Mattholomule: Oh, no, no, no, no! They can't know I lied. Then they'll never make me president. Huh? He then notices and picks up one of Luke's posters that Gus didn't. When he recognises him he evilly laughs. Ooh, Gus, I have you now.
Outside Hexside, Eda is stood staring up at the building in contempt as wind howls.
Eda: Ugh. I had this nightmare before.
She proceeds to walk inside.
In the same hallway Luke and Willow fought the abominations, Gus was bragging.
Gus: As president of the H. A. S., I should feel bad about dunking on one of our own members.
Luke: But you don't do you.
Gus: Not one bit! As a Gus I feel like doing this.
Luke: Gus does a victory dance. That's right, buddy! You've earned this! Gloat! Gloat and brag to your heart's content! Luke notices and walks over to a trophy case. Cool! Who got the trophy for the most bones?
A nearby School Guard sniffs, prompting Gus to run and drag Luke away.
Luke: Whoa!
Gus: We don't have time for this right now. We gotta get to the clubroom.
Luke: Okay. But next time you have to give me a full tour.
Gus: Yeah, next time.
They stop when they see Professore Hermonculus, the abomination professor.
Luke: Hey, it's the abomination professor. I should introduce myself…and apologize for the incident. Gus couldn't stop this. Yo! Abomination Professor dude. The "abominominator." They both turn to him. Remember me?
He did his best impression of an abomination. The professor just raised an eyebrow at him.
Gus: Oh, wouldn't you know? We suddenly have time for a full tour of Hexside.
Gus pushes Luke away, not wanting anyone who saw Luke before have a chance to recognise him and rat him out.
(Timeskip)
Eda and Principal Bump have been speaking about enrolling Luke into Hexside and to the Owl Lady's surprise, Bump believes it to be a good idea…on the condition that Eda fixes up every single prank and trouble she's made during her time as a Hexside students and boy…saying there's a lot is an understatement.
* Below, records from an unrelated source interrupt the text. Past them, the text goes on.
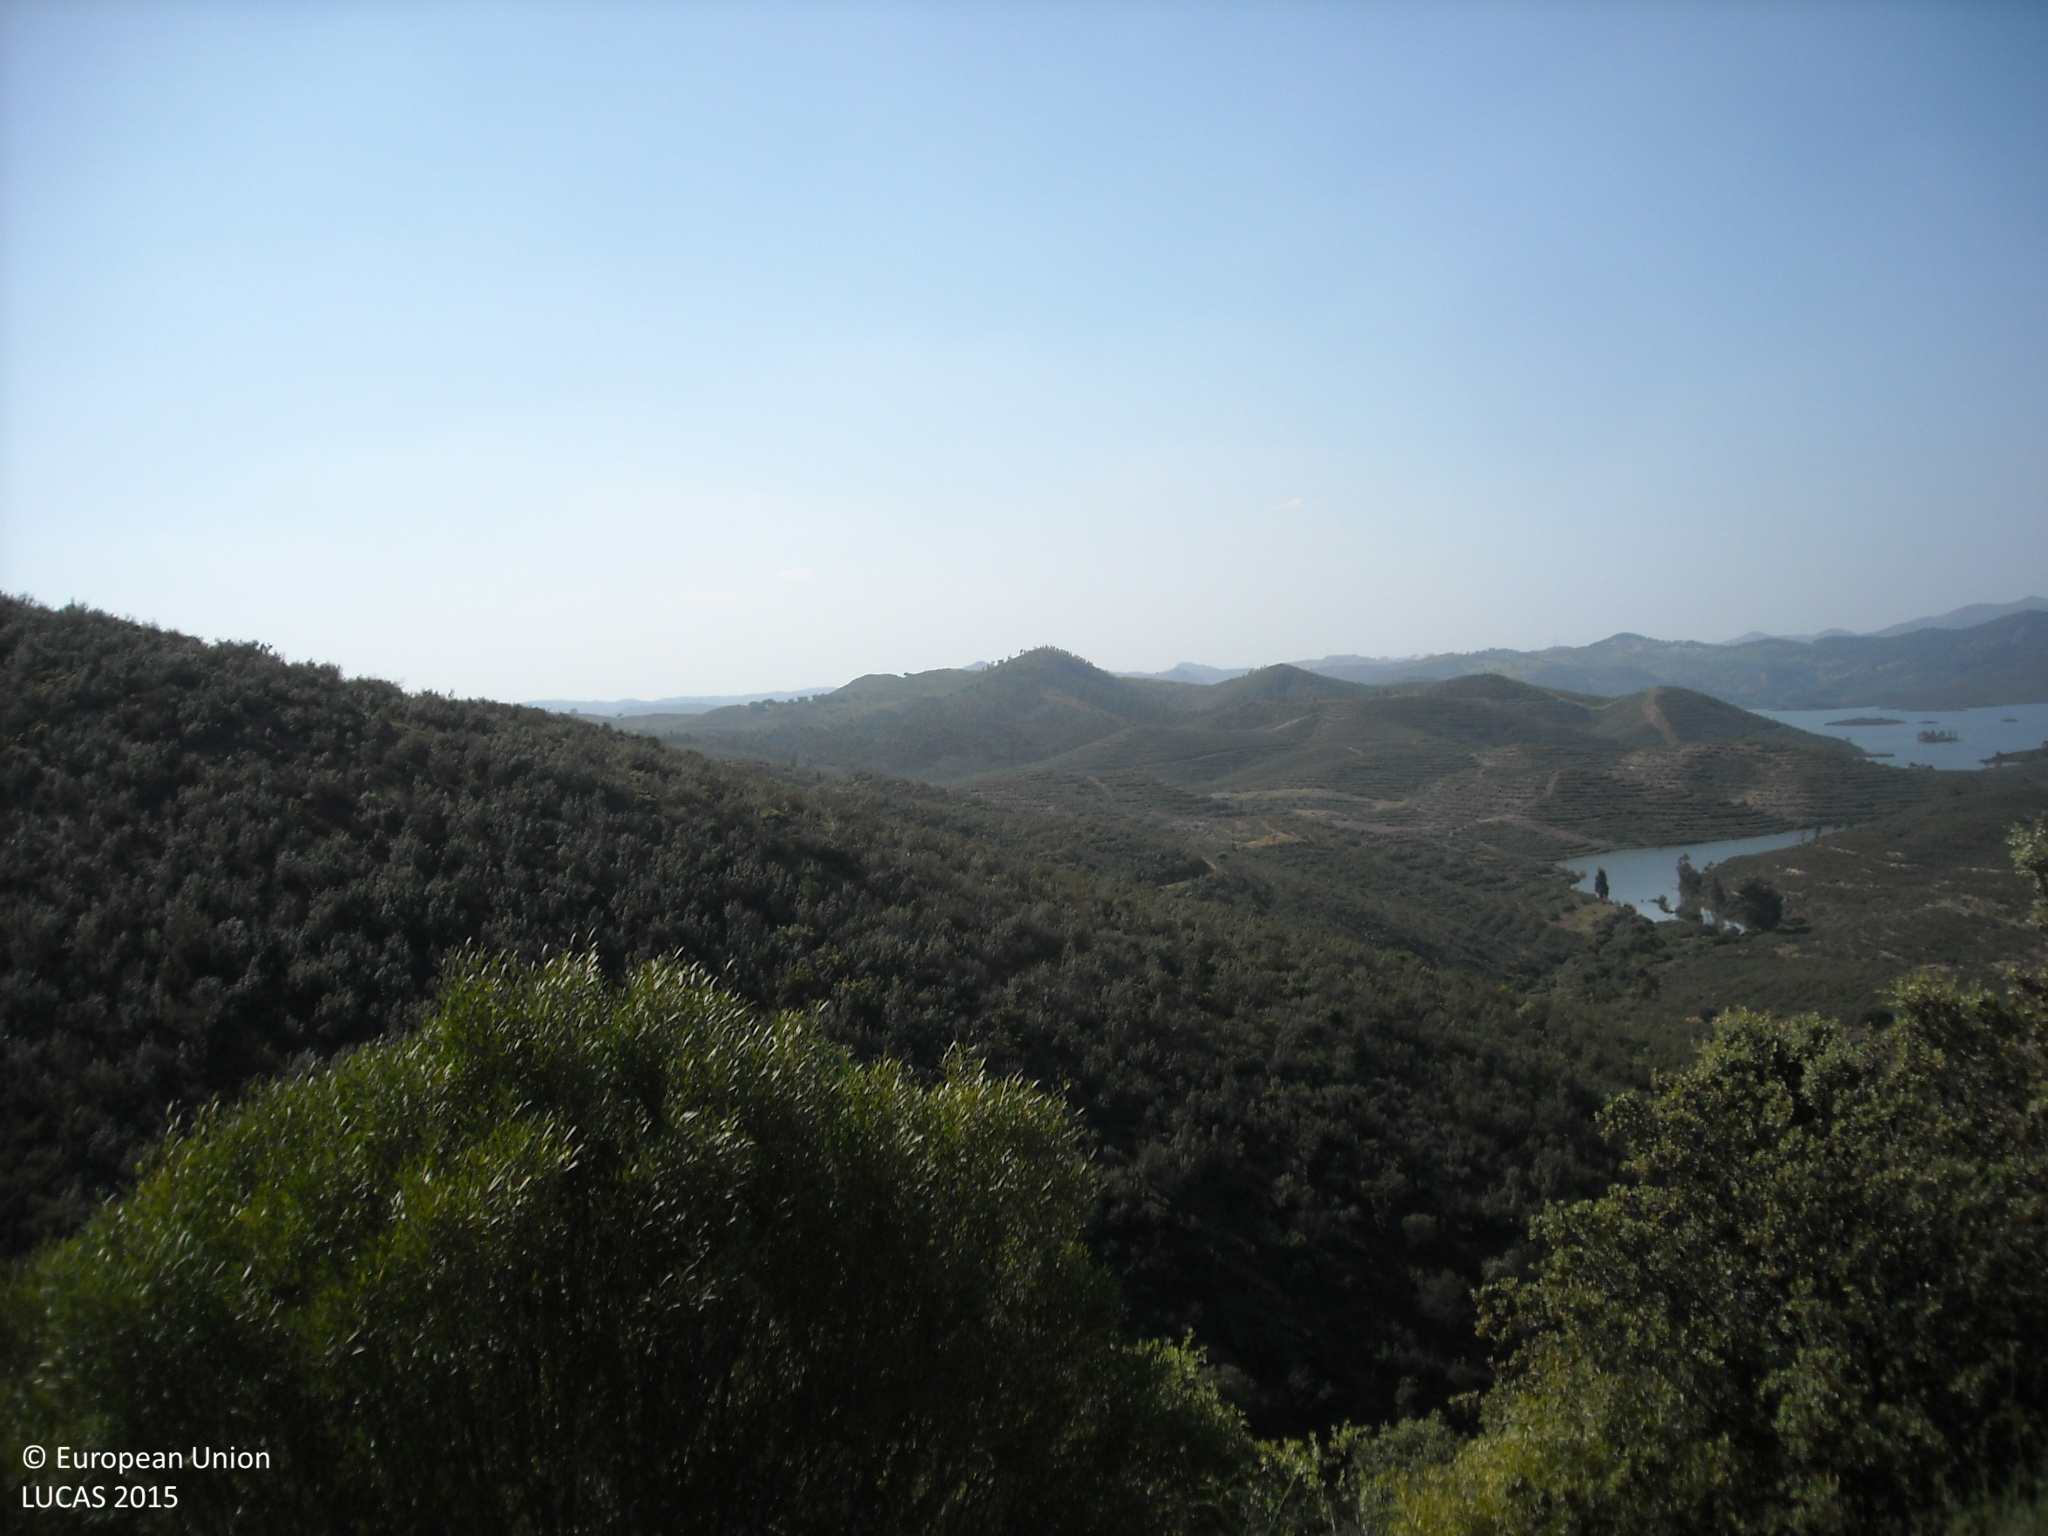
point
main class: Shrubland
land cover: Shrubland without tree cover
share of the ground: > 75 %
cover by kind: shrubs 75 %, herbaceous plants 25 %
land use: Semi-natural and natural areas not in use
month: April
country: ES
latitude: 37.6458
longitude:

Eda: Huh. I thought there'd be more.
Bump: Oh, there is more Edalyn. He leans closer. MUCH more.
Eda gulps. This was going to be a long day.
Luke and Gus were at Hexside's Grudgby Pitch. he layout of the pitch was similar to a basketball court, with basketball hoops on either side. The boys were sat in the stand watching Skara practice.
Gus: This is where we play the sport.
Skara runs at the ball in the centre but is picked up by a griffin. She screams in terror and the griffin screeches.
Skara: I hate this game!
She screams more when the griffin drops her into one of the basketball hoops. The boys applauded, though it was only for a short moment as Gus paled when he saw another school guard sniffing around. He quickly drags Luke away.
The boys walk past a door, but Luke doubles back to look through the window.
Luke: Ooh. What's this place?
Gus: The Plant Homeroom.
Inside, there were various students in Plant uniforms tending to the greenery that surrounded the room. The homeroom was filled with trees that stretched as tall as the roof. Plants growing on the Boiling Isles grew fruits that could have only been found in the demon realm.
One of the students of the Plants track was Amelia, who had been standing next to it with a clipboard. Suddenly, a carnivorous plant next to her opened its jaws and ate her. She screamed and struggled to remove herself from its mouth, but luckily there was someone to help her. Willow ran over and tickled the plant's stem. It laughed and spat Amelia back up, covering her in yellow saliva. Traumatized, she gave Willow a shaky thumbs-up.
Luke: Willow, hey!
Willow turns around and waves at Luke. Gus pops up to wave too, albeit nervously.
Gus: Hi.
Willow's face falls. She shakes her head, still disapproving Gus' action
Gus: Bye.
Gus drags Luke away again before he could question the look Willow was giving.
Later on, Gus showed them a room full of mirrors, various cages for birds or other pets, and books about showmanship and illusions.
Gus: And this is where I spend my time. The Illusion Track Homeroom.
The professor evaluates three students' illusions.
Emira doubles the length of her legs.
Edric changes his face, outfit, and hair style.
The shaky third student ended up removing her own face and now she can't breathe. The professor draws a spell circle and her face returns much to her relief.
Luke: Luke gives an impressed whistle. Cool. He waves to the Blight Twins. Hey, Ed. Hey, Em.
Edric and Emira notice Luke and wave to him after reverting to normal.
Edric & Emira: Hey, Luke!
Luke then notices something across the hall that catches him by surprise.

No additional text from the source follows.